The cross was a sacrifice for sin: the way, the only way to avert the wrath of God that threatened us on account of our sin. God’s wrath against our sin cannot be averted. That is justice. But it could be borne by another in our place. That is love. The two together—justice and love—is the cross. But these people did not think themselves sinners in need of being saved. And that is as true today as it ever was in the first century. The cross makes sense only to those who know that our sins must be paid for and that the price must be extraordinarily high. As we have often noted as we have worked our way recently through the Gospel of Luke, the Jews of Jesus day had lost all touch with the biblical reality of sin and guilt. They did not fear sin the way they should have. They had domesticated sin, defined a great deal of it out of existence, and thought they could deal with the rest themselves. They had lost all touch with the idea of a Redeemer who would die for the sins of the world. Religious as they were, the cross made no sense to them because they didn’t imagine that they were in such desperate need of redemption.

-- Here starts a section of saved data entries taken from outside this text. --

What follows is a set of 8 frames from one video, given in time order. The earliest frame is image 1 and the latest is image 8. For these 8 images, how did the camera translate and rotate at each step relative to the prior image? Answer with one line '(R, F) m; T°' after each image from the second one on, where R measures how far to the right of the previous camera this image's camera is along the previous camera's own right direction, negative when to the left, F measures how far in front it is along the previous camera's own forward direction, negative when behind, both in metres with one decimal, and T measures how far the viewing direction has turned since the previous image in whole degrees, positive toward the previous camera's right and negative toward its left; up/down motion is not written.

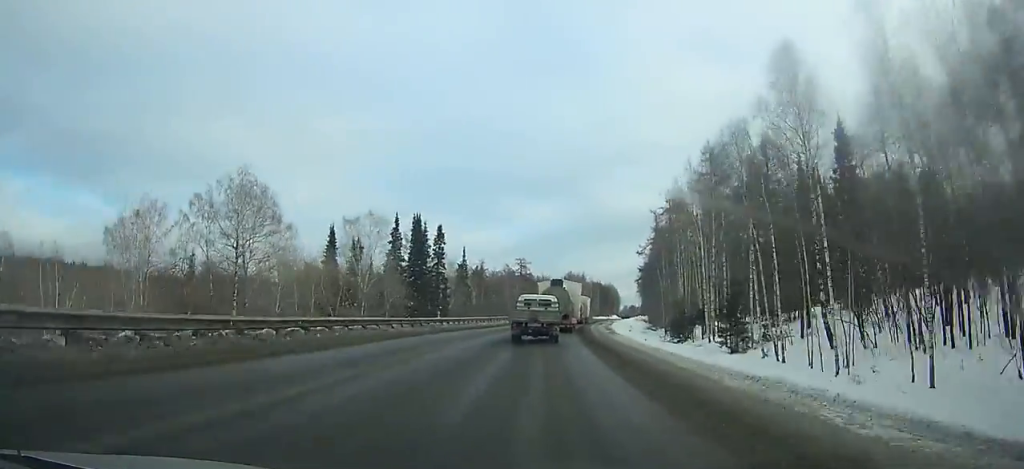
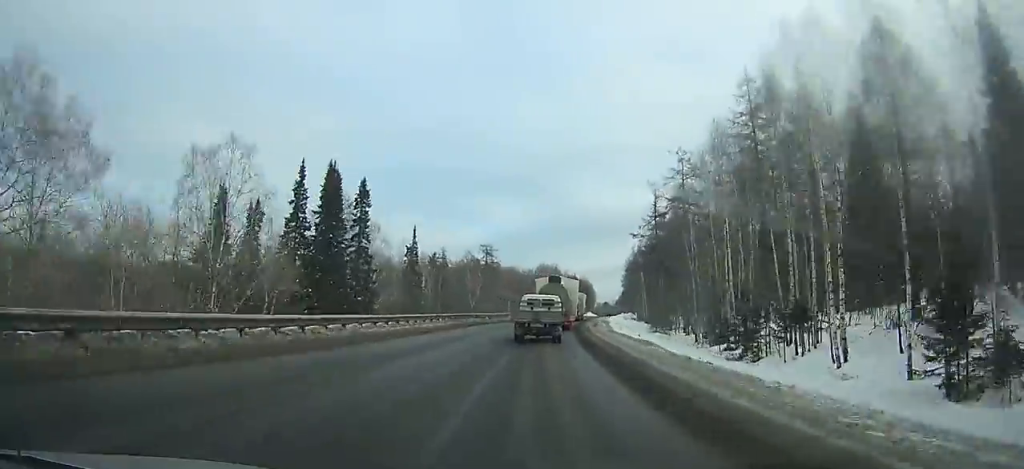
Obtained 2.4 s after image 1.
(+0.8, +26.8) m; +3°
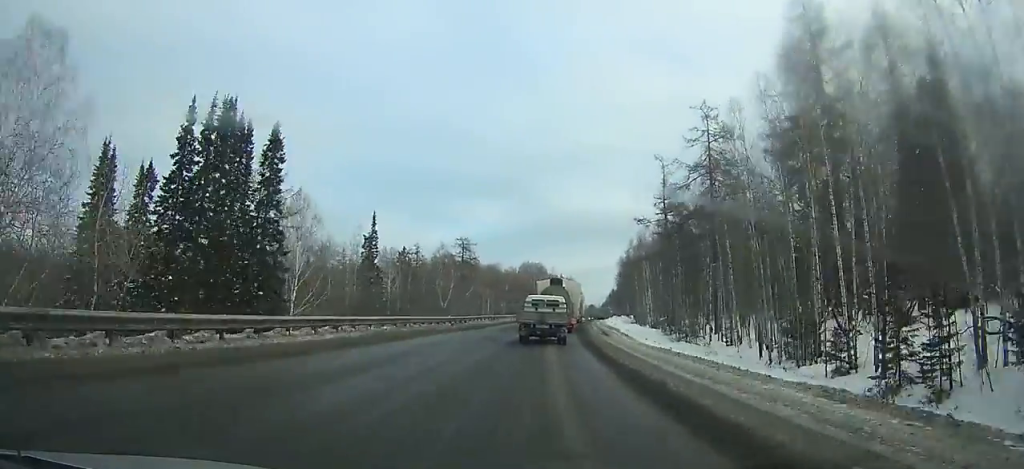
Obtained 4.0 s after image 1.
(+0.3, +17.8) m; +2°
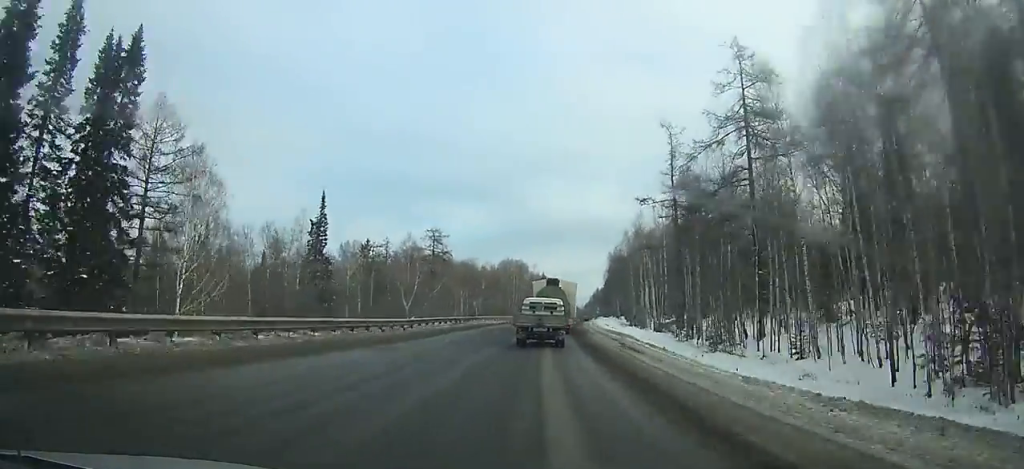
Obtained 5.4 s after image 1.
(+0.2, +15.5) m; +2°
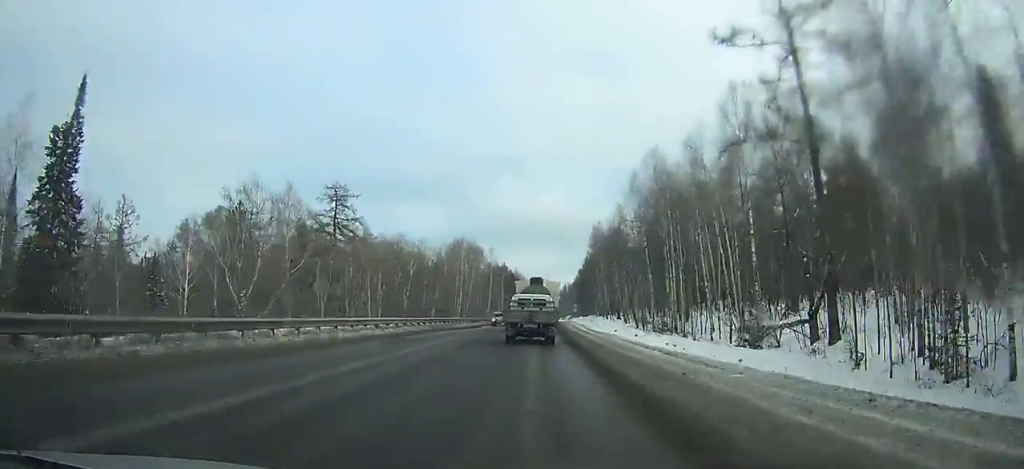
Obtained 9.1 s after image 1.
(+1.5, +40.6) m; +4°
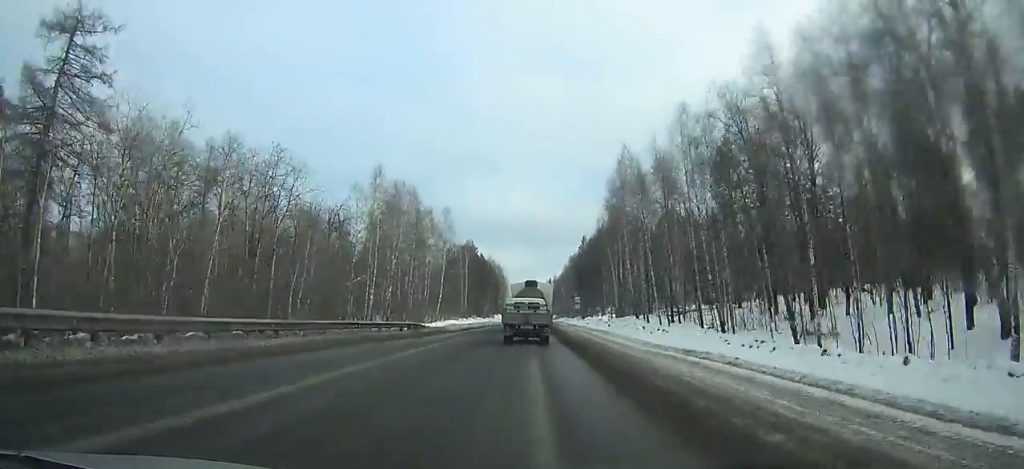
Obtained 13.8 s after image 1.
(+1.6, +51.3) m; +2°
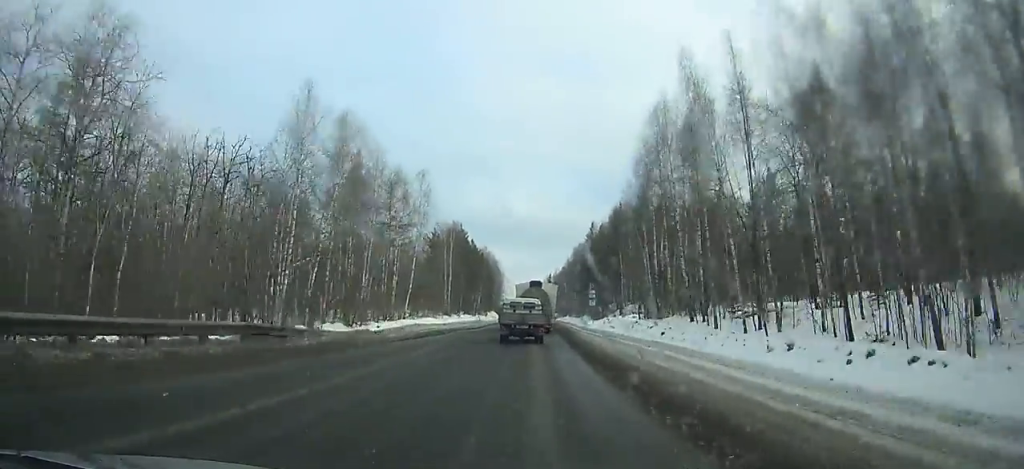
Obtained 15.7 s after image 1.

The Greeks’ religion was very different from that of the Jews, of course.  But in that respect it was much the same. It had no real fear of sin or of the judgment of God. It was not shaped by a concern for divine forgiveness nor did it understand human sin to be the great obstacle to entrance into heaven. In fact, it had comparatively little concern with the world to come.  Greco-Roman religion had rather to do with ways of acquiring prosperity and happiness in this life. There was little reflection on eternal life or life after death.  It is very interesting, for example, to read through the numerous personal questions asked of the oracle at Delphi:

How may I become a parent?
Shall I succeed?
Where shall I go or settle?

All the questions are about affairs in this life and about how things will turn out in the here and now.  The questions are prompted by sickness, famine, war, career opportunities, desire for marriage, infertility, and the like.  It was an entirely this-world perspective.  For such people, salvation had to do with health and happiness now, not peace with God and fellowship with God in the world to come. It is, of course, very much the same today, as you know. Western culture is very like the Gentile culture of the first century. We are not nearly as much like the Jews as the Gentiles. The Jews thought more of the world to come, even if they took their place in it largely for granted. The Gentiles hardly thought of it at all. But the result was the same: neither had any need of a Redeemer who would suffer and die for their sins. They didn’t need forgiveness, they needed a wife or a husband or a child; and so it is today: people, so they think, need a spouse, or a new job, they need a child, or a better car; they need better health or they need a bigger house; they need a lighter heart, they need, as Francis Schaeffer used to say, “personal peace and affluence.”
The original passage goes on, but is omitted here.